Exercise prompt: All lines below containing the string "field" are to be copied.

Source records:

-*-*-

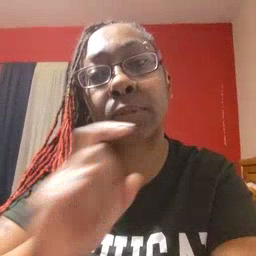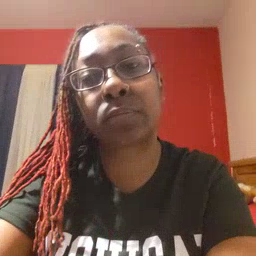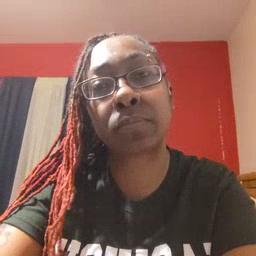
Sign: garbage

-*-*-

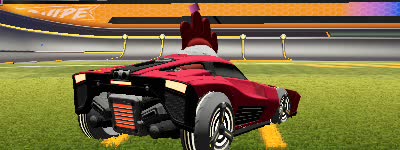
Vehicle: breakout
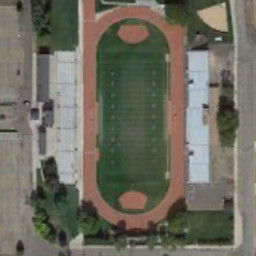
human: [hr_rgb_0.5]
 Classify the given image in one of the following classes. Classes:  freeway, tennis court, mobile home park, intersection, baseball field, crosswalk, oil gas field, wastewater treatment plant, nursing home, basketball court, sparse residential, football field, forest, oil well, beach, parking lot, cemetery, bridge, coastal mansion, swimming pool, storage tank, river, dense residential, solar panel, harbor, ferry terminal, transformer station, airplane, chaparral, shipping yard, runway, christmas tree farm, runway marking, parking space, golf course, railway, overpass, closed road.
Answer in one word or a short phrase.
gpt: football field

-*-*-

Answer section:
 Classify the given image in one of the following classes. Classes:  freeway, tennis court, mobile home park, intersection, baseball field, crosswalk, oil gas field, wastewater treatment plant, nursing home, basketball court, sparse residential, football field, forest, oil well, beach, parking lot, cemetery, bridge, coastal mansion, swimming pool, storage tank, river, dense residential, solar panel, harbor, ferry terminal, transformer station, airplane, chaparral, shipping yard, runway, christmas tree farm, runway marking, parking space, golf course, railway, overpass, closed road.
gpt: football field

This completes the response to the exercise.